# Solved: Wireless connection



## knj (Jun 18, 2005)

I live in Spain but I need to connect my new Samsung Galaxy Note 10.1 via VPN to show that I am in UK (otherwise everything is in Spanish). If I hover my mouse over the internet connection it shows D Linc & MPN LUX. My Note WIFI connection shows only the Dlink. If I change the MPN connection to UK how can I get this connection on the Note?


----------



## knj (Jun 18, 2005)

Forgot to say that the Dlink & MPNLUX are showing on my PC.


----------



## VimmRa (Nov 30, 2012)

The Android operating system should be in English regardless of your geographical location. Most web pages have an option to change the region to something other than what is automatically detected.

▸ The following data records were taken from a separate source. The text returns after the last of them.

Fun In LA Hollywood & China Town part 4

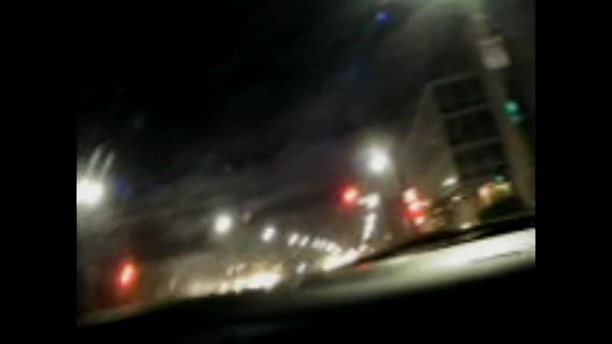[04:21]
A reason? It's a casino. Oh, well. And the number one reason to go to Morongo. Well, I tried to get you guys to see the Hollywood sign. Oh, well. Can't it's see amazing. It. Sunday guess you see the freeway. Hollywood. Hey, look, a light. Hey, look, another light. Oh, really bright. Oh, my God.
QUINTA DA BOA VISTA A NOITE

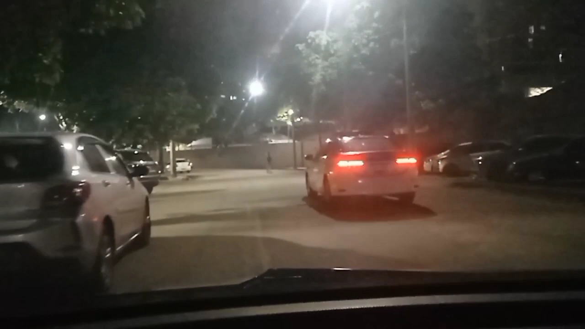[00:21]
Vou dar uma voltinha pra gente ver como é que é isso aqui
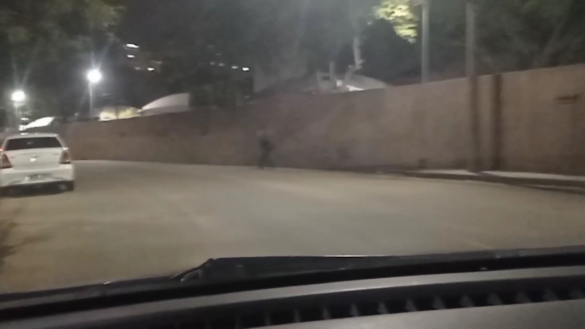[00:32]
Olha lá Olha o farol pra ficar melhor
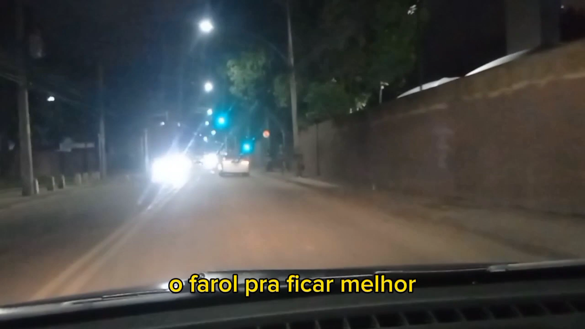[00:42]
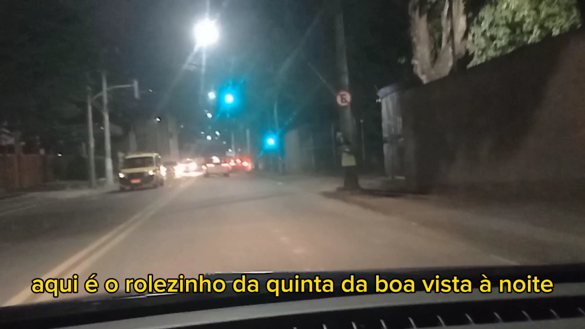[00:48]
Aqui é o rolezinho da quinta da Boa Vista à noite
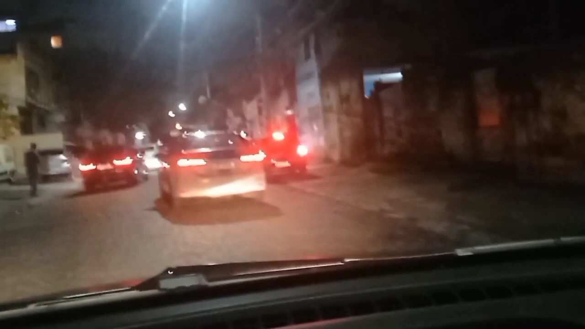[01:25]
Poliçada ali na frente Pessoal trabalhando
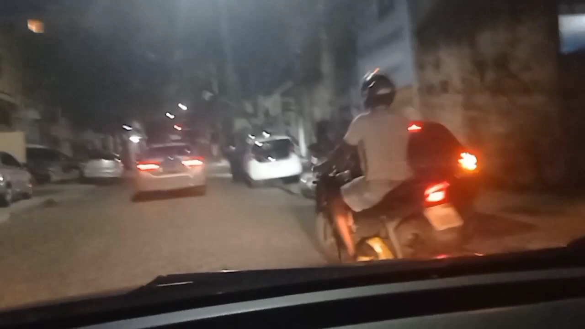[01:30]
Aqui é a rua de Pará
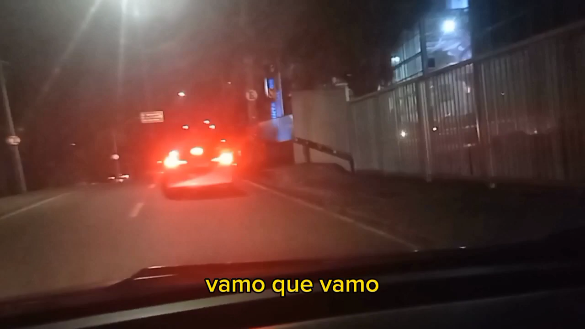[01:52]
Vamos que vamos Vamos dar um passeiozinho aqui
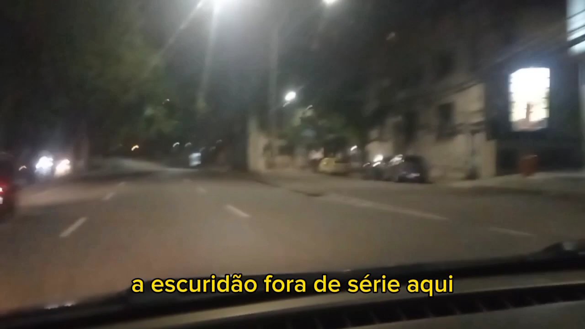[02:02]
É escuridão fora de série aqui Mas em cada esquina tem As meninas aí trabalhando aí Na noite do Rio de Janeiro
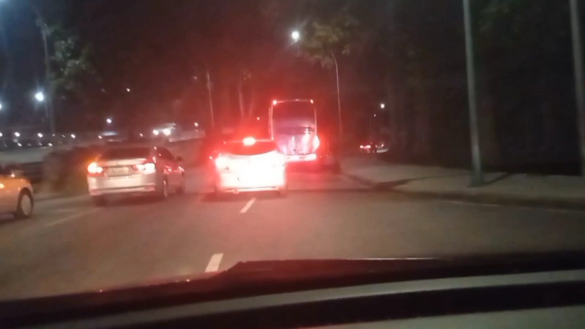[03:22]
Pô, tem um ônibus ali, ó A menina subiu no ônibus Passar esse ônibus aqui
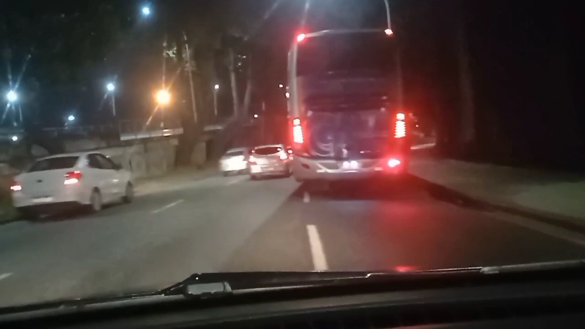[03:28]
Só dois dias Vamos virar aqui Pra dar a volta A gente sai lá de novo Lá onde a gente Começou a filmar

If you need to connect to your VPN network, however, you must first connect to a local wireless network, and then you'll open your VPN software and authenticate to your network.


----------



## knj (Jun 18, 2005)

Thanks. I will give that a try. The OS is in English, But Samsungapps web site comes up in French.


----------



## VimmRa (Nov 30, 2012)

That's because the site is detecting the ISP address as being in France. There should be an option on the website to change it to English if that's what you prefer. Many websites work this way. If you have a VPN server in the UK you can connect to an and app that works with it and Android, you can certainly use that, but browsing will be slower both because of the extra layer of security a VPN provides and because traffic will need to relay from Spain to the UK and back to Spain.


----------



## knj (Jun 18, 2005)

Problem solved with VPN. Samsung say it is not possible to change language.


----------